Mr. Speaker, I too am pleased to take part in the debate on Bill C-366, an act to amend the Income Tax Act to provide a deduction for mechanics' tool expenses. I want to congratulate the member for Lakeland for bringing this legislation forward and to tell him and members of the House that the New Democratic Party caucus fully supports this concept and we will be supporting this bill.
I agree, for the most part, with the parliamentary secretary that this is a non-partisan issue and to that effect note that this is not the first time such a bill has been presented in this Chamber. On many occasions, in fact, members of parliament have proposed amending the act in this regard.
Joy Langan, a former distinguished member of this caucus from British Columbia, who we talked about earlier today with respect to the breast implant issue, had a private member's bill back in 1992 which dealt with this topic and proposed the same amendments to the act. In addition, in 1992 the member from Manitoba, who I believe is currently the parliamentary secretary responsible for western diversification, among other things, put this issue before the House. The last attempt was made in 1996.
It is also interesting to note that my colleague, the member for Qu'Appelle, back in February tabled a similar piece of legislation to allow workers to deduct the cost of providing tools for their employment. That particular bill addressed the unfairness and injustice inflicted by the current tax system on workers required to provide tools as a condition of employment. In the case of mechanics, for example, the current tax system does not take into account that just to get into the trade, as has been noted by others, a mechanic needs $5,000, $15,000 or $30,000 worth of tools.
The member for Qu'Appelle noted that we have seen the benefits of allowing artists, musicians and others to deduct the cost of supplies and equipment and it is high time that we extend similar tax treatment to include the tools of all trades persons.
I listened intently to the parliamentary secretary. I heard him say that there are some difficulties. Tax recognition is not generally available for specific groups. We need an all-encompassing approach. He noted that he and his government would be seriously undertaking further studies.
I sincerely hope that is the case. It is high time that we did something about this issue. It is a non-partisan approach, although I am reminded of the old Irish proverb “You can vote for whomever you like, but the government always gets elected”.

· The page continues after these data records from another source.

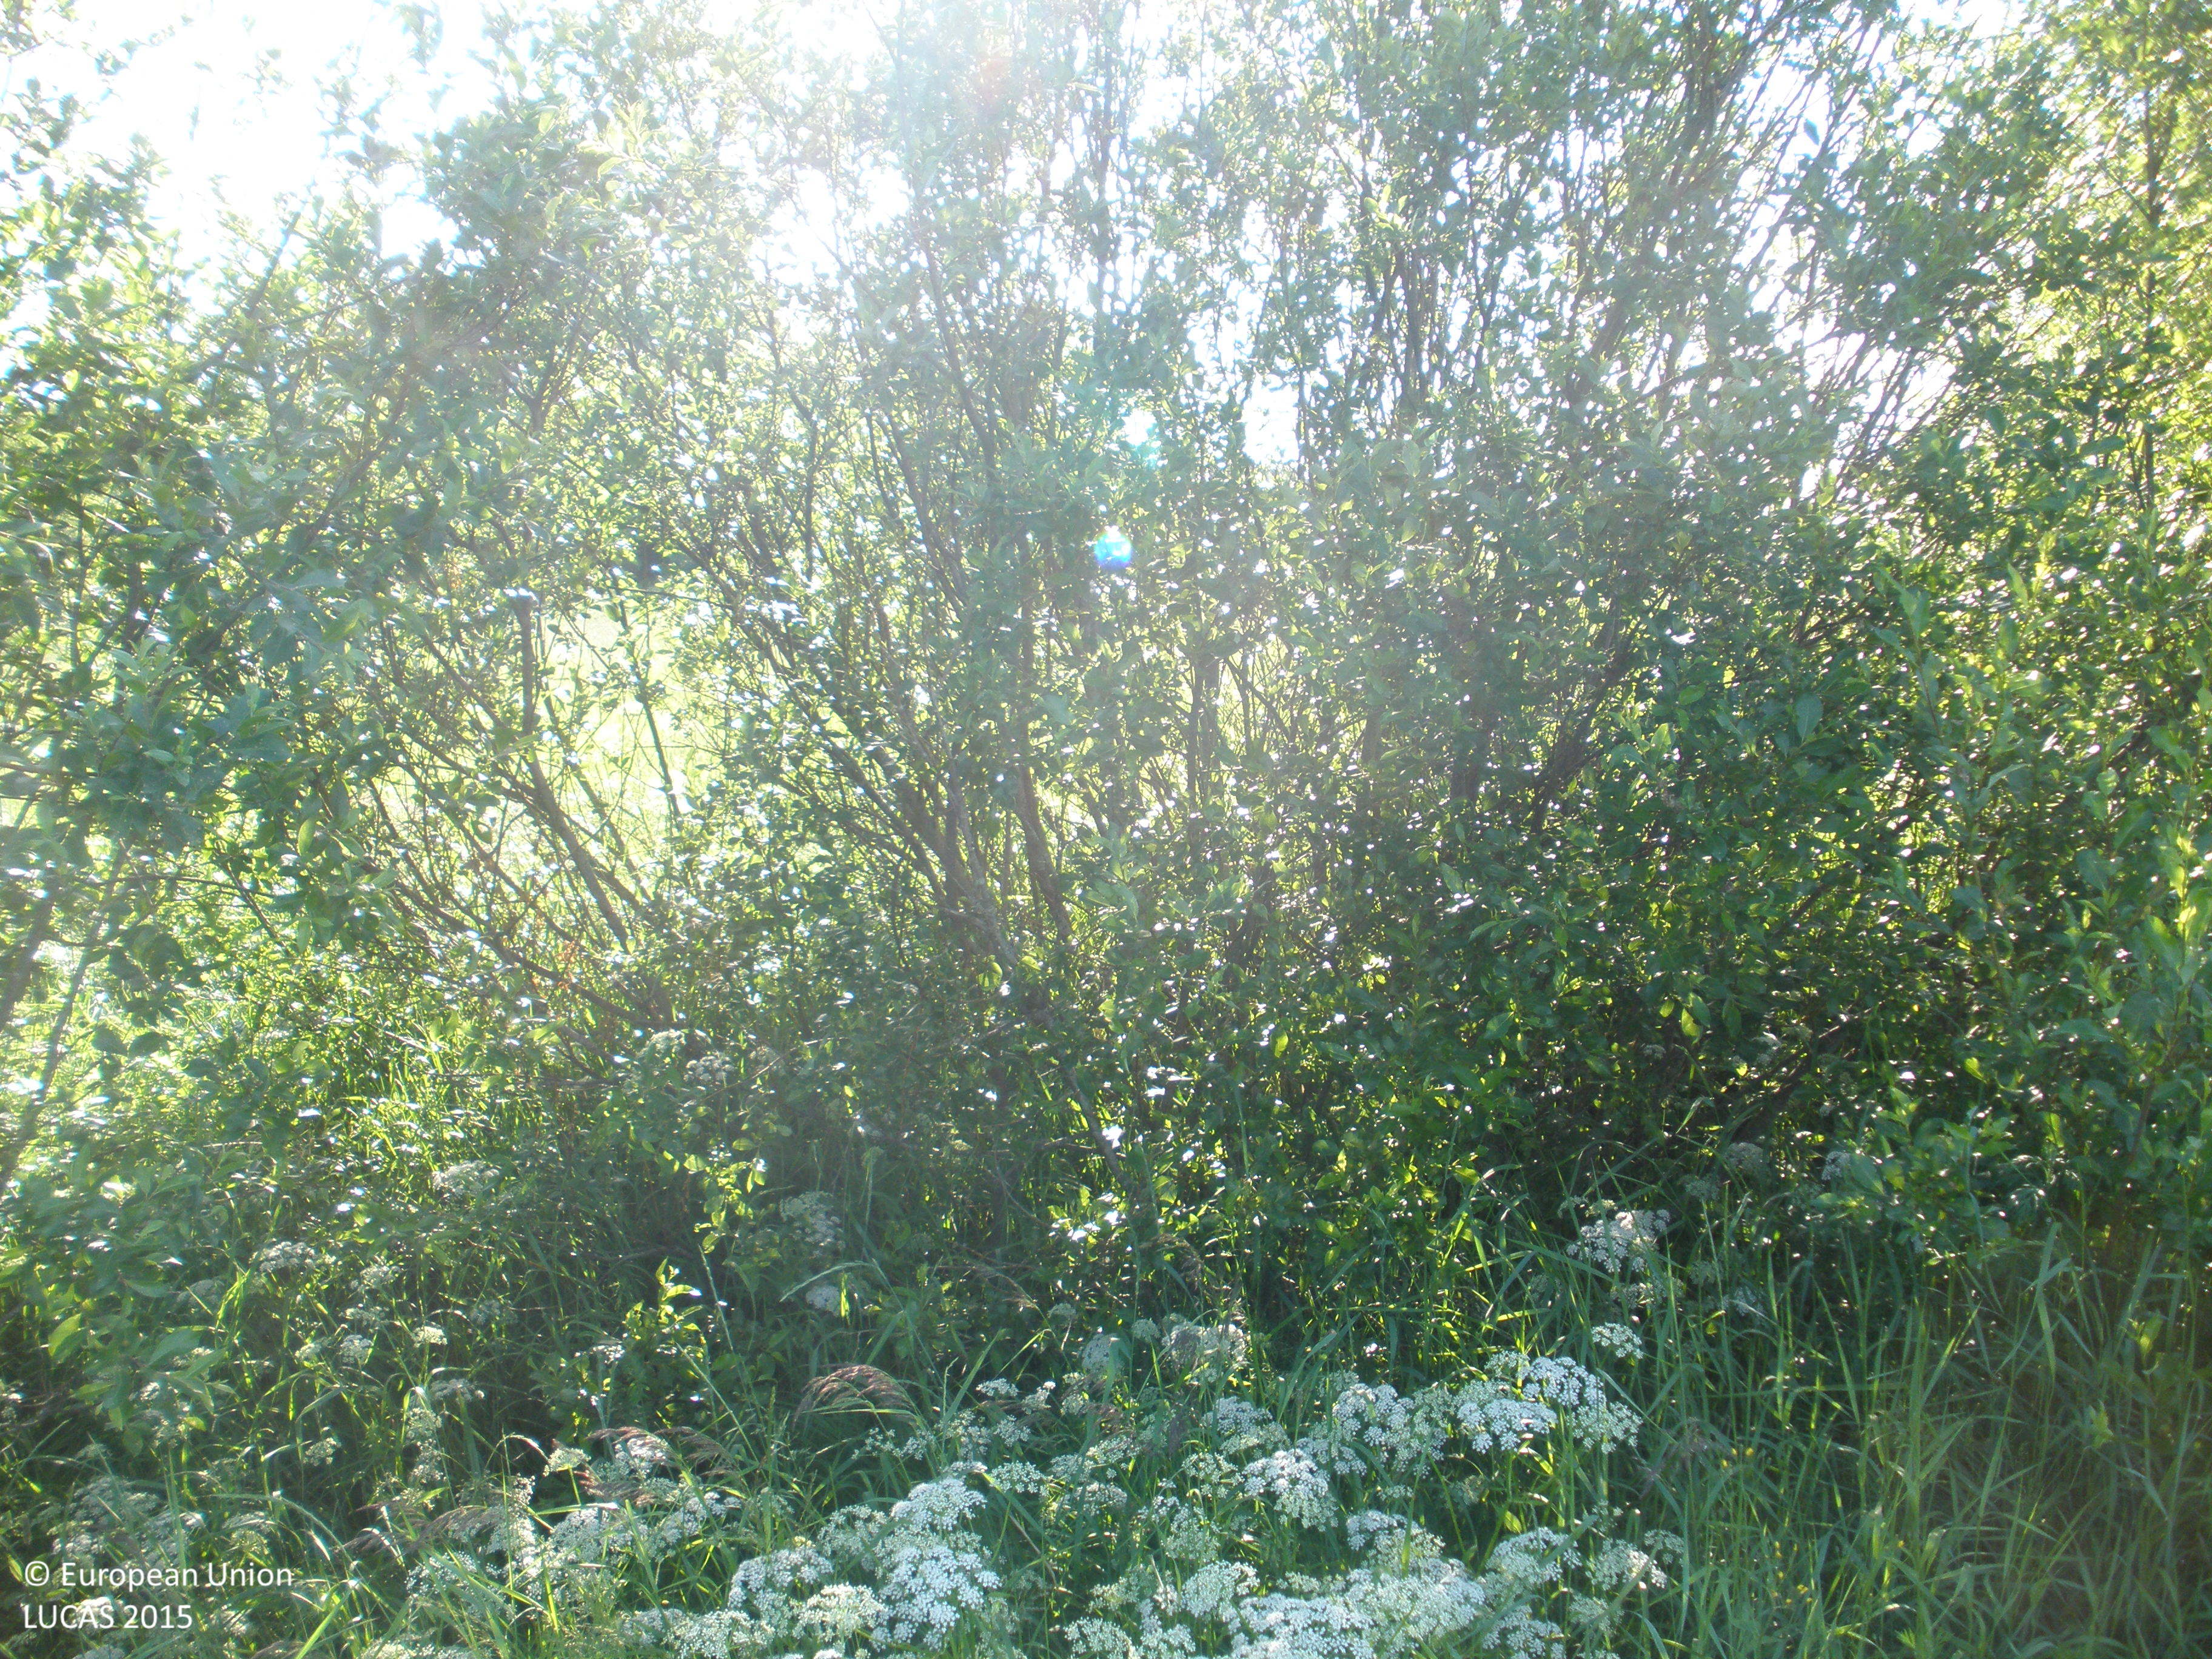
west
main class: Cropland
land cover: Common wheat
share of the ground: > 75 %
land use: Agriculture (excluding fallow land and kitchen gardens)
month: July
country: FI
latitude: 61.1704
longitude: 23.9399
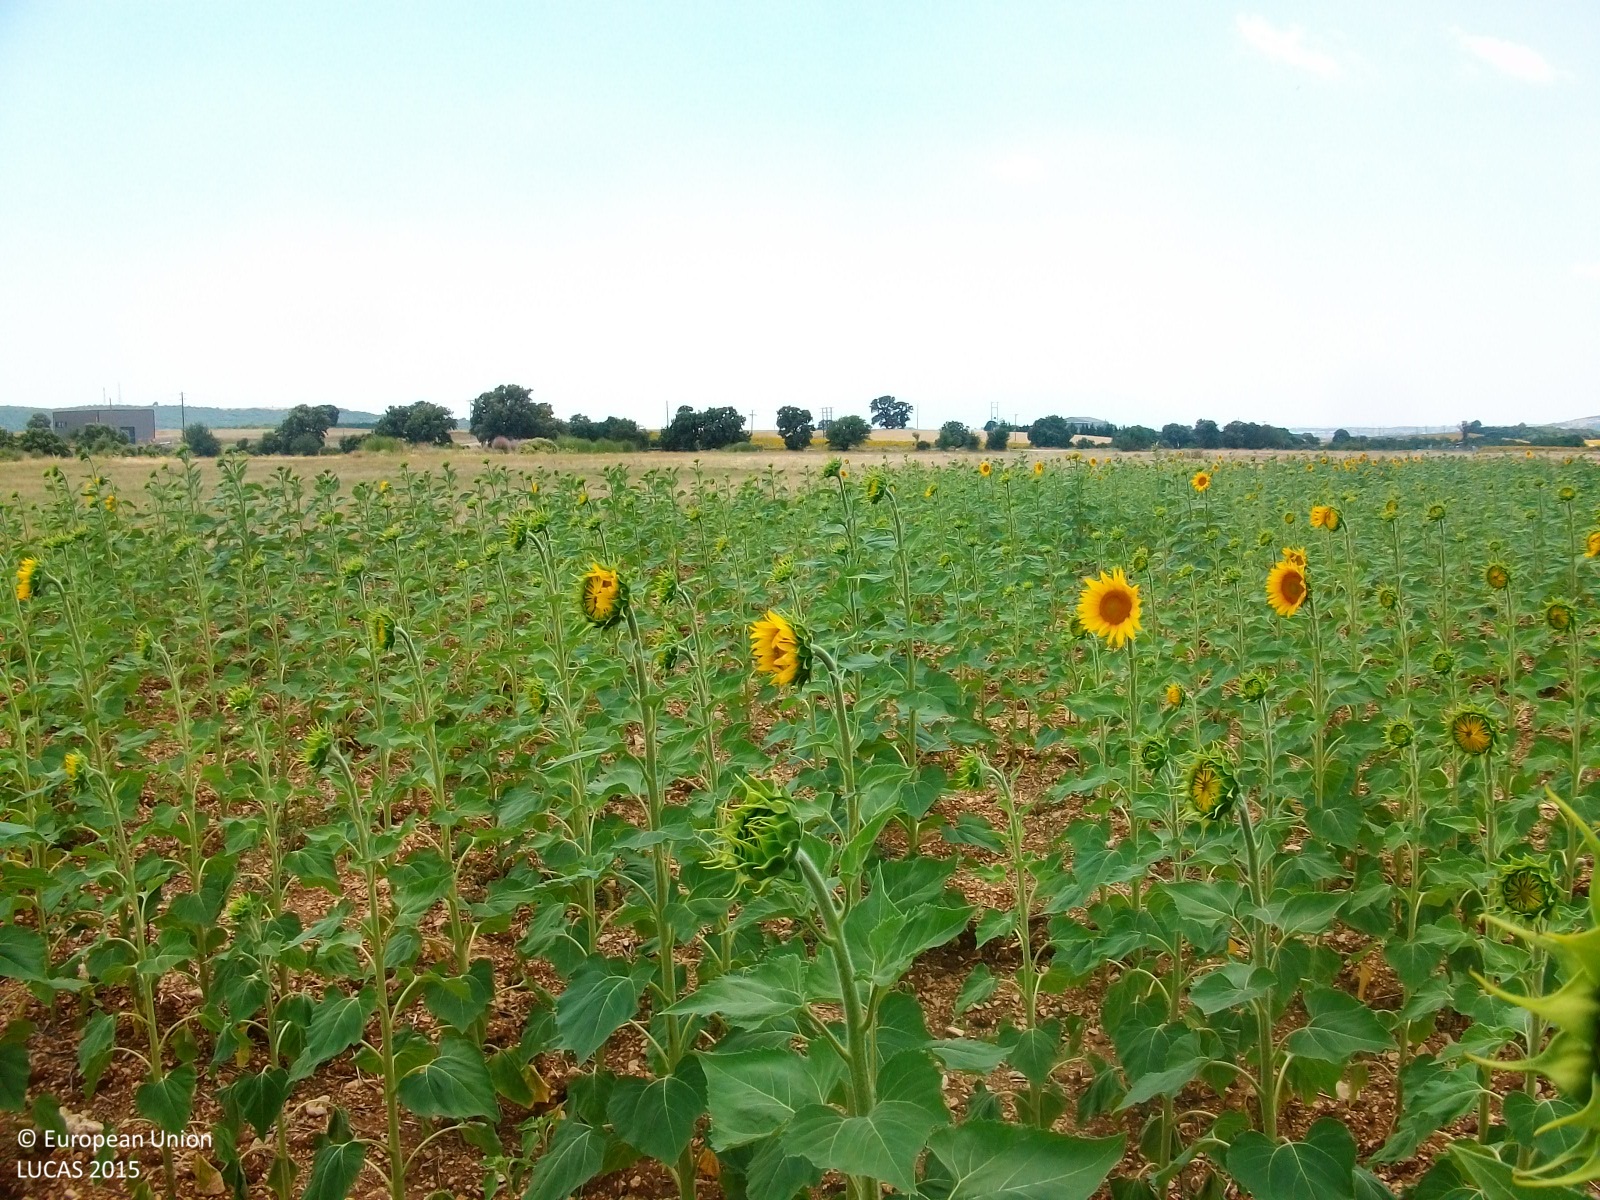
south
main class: Cropland
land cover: Sunflower
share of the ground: > 75 %
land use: Agriculture (excluding fallow land and kitchen gardens)
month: July
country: GR
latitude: 40.9236
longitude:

I hope this government will act seriously on this particular bill. To that end, I remind the House and anyone who happens to be listening that government members opposite are taking a lot of credit for having balanced the books and working on debt reduction. But on whose backs were those books balanced? I would suggest that it was not on the backs of the captains of industry or the big banks. It was on the backs of ordinary Canadians who got hit with higher taxes, surtaxes and higher user fees. I think it is time to acknowledge the debt that is owed to those people and to repay them.
One of the ways that the government could accomplish that is by look seriously at helping ordinary folks who incur heavy costs to go to work every day and, as the member for Lakeland noted, make the wheels of this country turn.
Under the present tax system the favourable treatment of tools and supplies is subject to two conditions. First, tools supplied must be a prerequisite of employment. Second, supplies must be unusable after they have been used in the work for which they were purchased. For example, explosives supplied by a miner or gasoline supplied by a chainsaw operator are currently deductible.
Let us consider the various advantages of such an amendment to the act for the 150,000 mechanics and apprentices who are subject to the present tax system.
First, as I noted before, mechanics must invest between $15,000 and $30,000 in tools, an amount disproportionate in comparison with amounts invested by other employee groups who provide their own tools and equipment. Given the size of this investment, mechanics consider more favourable tax treatment entirely fair and reasonable.
Second, as noted, mechanics consider that they should be given the same tax treatment as musicians, artists, painters and the aforementioned chainsaw operators. More favourable tax treatment for mechanics' tools would eliminate a situation that mechanics perceive to be unfair.
Third, more favourable tax treatment would allow mechanics to purchase better equipment and provide better service.
Fourth, more favourable tax treatment would encourage more young people to become mechanics and trades persons, as has been noted.
Finally, more favourable tax treatment would facilitate the mechanics transition from school to work. Because employers require mechanics to supply their tools and because the size of the required investment is considerable, few young graduate mechanics can enter the labour market. Based on this argument, as was noted earlier, the House of Commons finance committee recommended in its last pre-budget consultation report that the tax treatment of mechanics' tool expenses be reviewed.
The government ignored this recommendation when delivering the 1998 budget, but we feel that now is the time to act.
I also want to note that I have received some correspondence on this from Sagal Brothers in Moose Jaw and the good folks who work at Nelson Motors in Avonlea at the John Deere dealership. There is a lot of interest on this particular topic. I sincerely hope that the government takes this bill seriously, does the necessary work and brings in something meaningful very quickly.